### Description of the task
Go through the material below and copy each line where the word "linearGradient" appears.

### Dataset entries
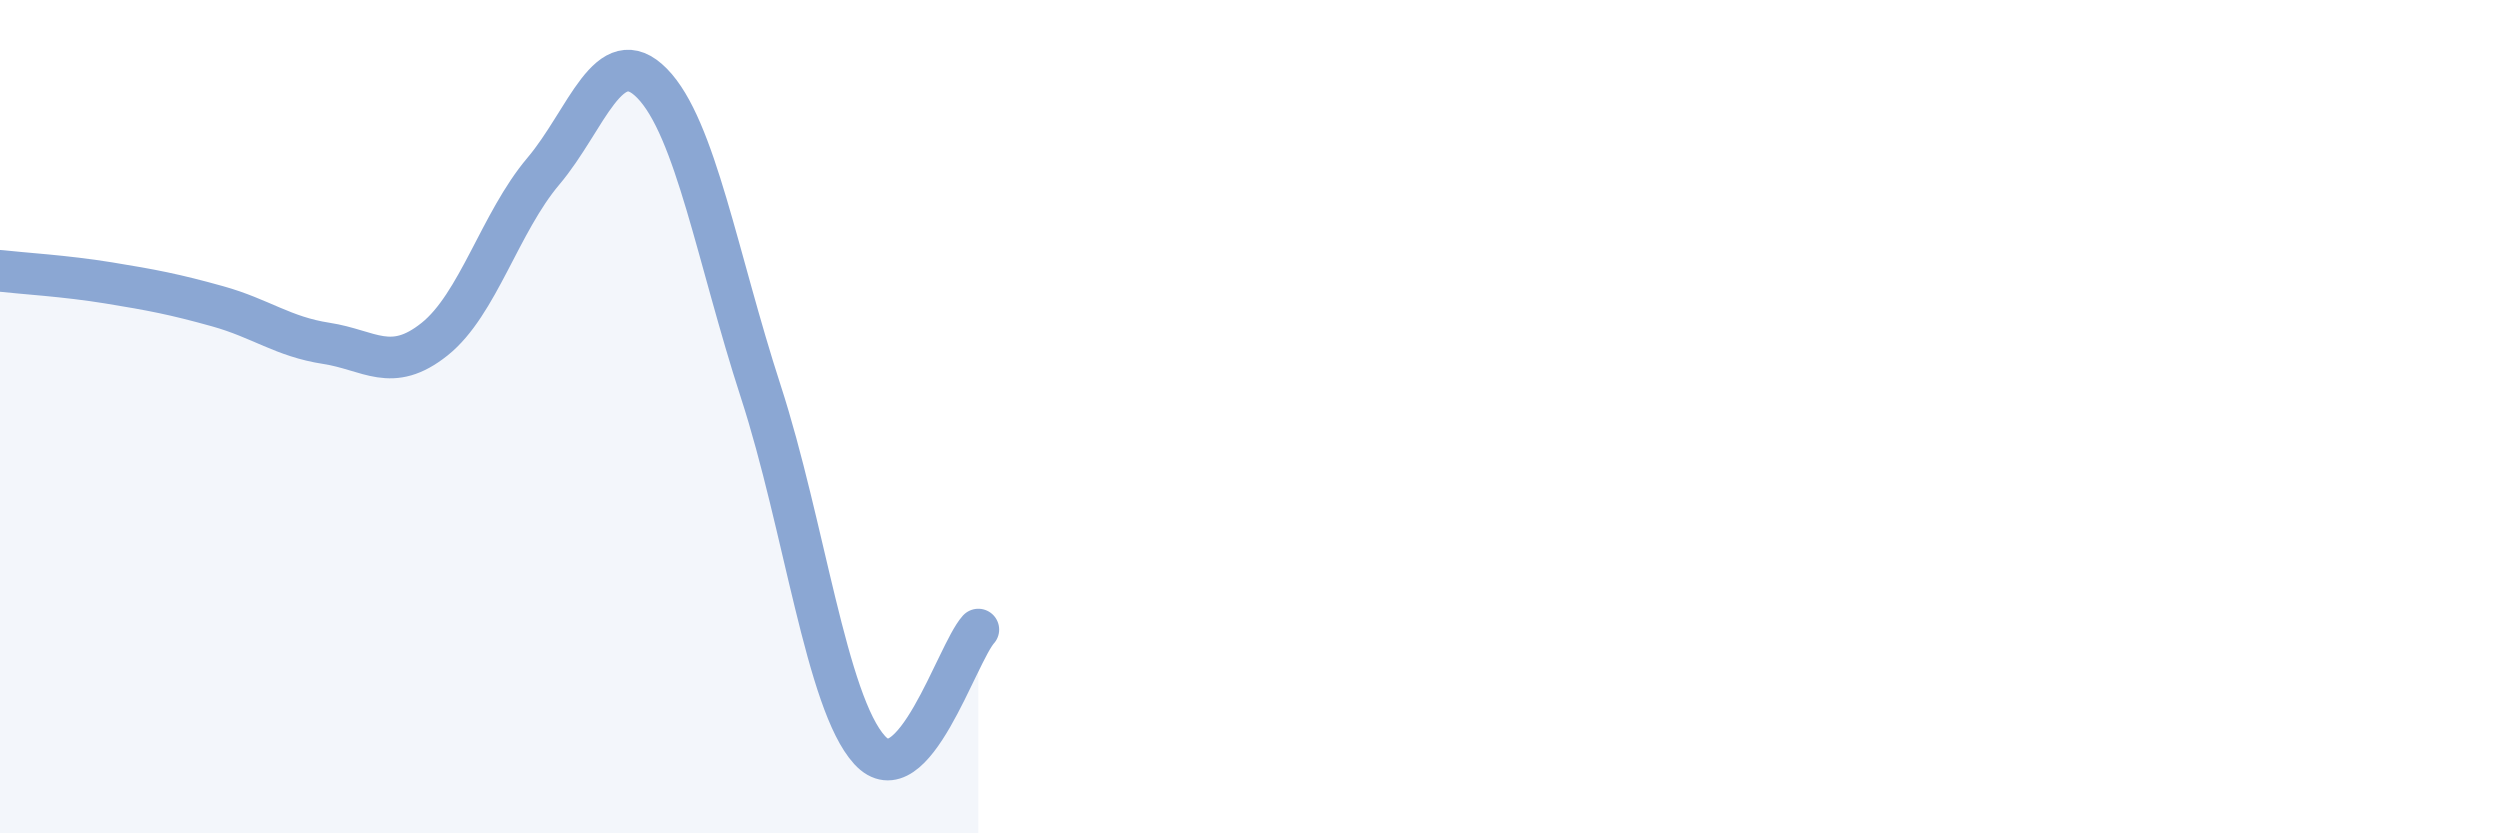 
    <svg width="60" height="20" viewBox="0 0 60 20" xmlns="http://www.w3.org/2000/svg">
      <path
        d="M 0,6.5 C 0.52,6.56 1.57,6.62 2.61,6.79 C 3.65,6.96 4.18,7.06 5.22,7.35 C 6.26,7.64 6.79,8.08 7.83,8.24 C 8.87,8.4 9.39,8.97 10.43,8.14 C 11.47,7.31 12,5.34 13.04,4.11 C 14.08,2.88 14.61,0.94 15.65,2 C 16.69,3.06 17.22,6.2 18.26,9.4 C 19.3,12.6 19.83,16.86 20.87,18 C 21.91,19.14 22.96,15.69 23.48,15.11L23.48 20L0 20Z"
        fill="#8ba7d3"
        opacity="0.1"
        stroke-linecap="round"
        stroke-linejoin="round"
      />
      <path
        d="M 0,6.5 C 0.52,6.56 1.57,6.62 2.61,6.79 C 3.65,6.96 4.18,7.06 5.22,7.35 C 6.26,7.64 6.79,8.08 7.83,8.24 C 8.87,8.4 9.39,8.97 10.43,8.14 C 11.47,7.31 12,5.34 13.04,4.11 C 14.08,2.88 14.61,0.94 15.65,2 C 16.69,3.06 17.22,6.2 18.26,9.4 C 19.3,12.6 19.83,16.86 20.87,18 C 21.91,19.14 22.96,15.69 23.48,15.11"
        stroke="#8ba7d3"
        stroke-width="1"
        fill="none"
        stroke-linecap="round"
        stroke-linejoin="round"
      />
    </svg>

--

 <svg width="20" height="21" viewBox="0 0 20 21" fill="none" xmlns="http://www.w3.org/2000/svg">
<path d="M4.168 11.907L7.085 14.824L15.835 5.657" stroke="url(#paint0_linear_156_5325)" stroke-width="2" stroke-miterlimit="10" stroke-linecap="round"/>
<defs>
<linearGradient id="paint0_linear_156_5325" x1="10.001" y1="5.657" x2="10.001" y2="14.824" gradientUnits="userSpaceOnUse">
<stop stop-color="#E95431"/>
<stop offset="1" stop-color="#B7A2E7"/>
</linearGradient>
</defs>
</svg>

### Task solution
<linearGradient id="paint0_linear_156_5325" x1="10.001" y1="5.657" x2="10.001" y2="14.824" gradientUnits="userSpaceOnUse">
</linearGradient>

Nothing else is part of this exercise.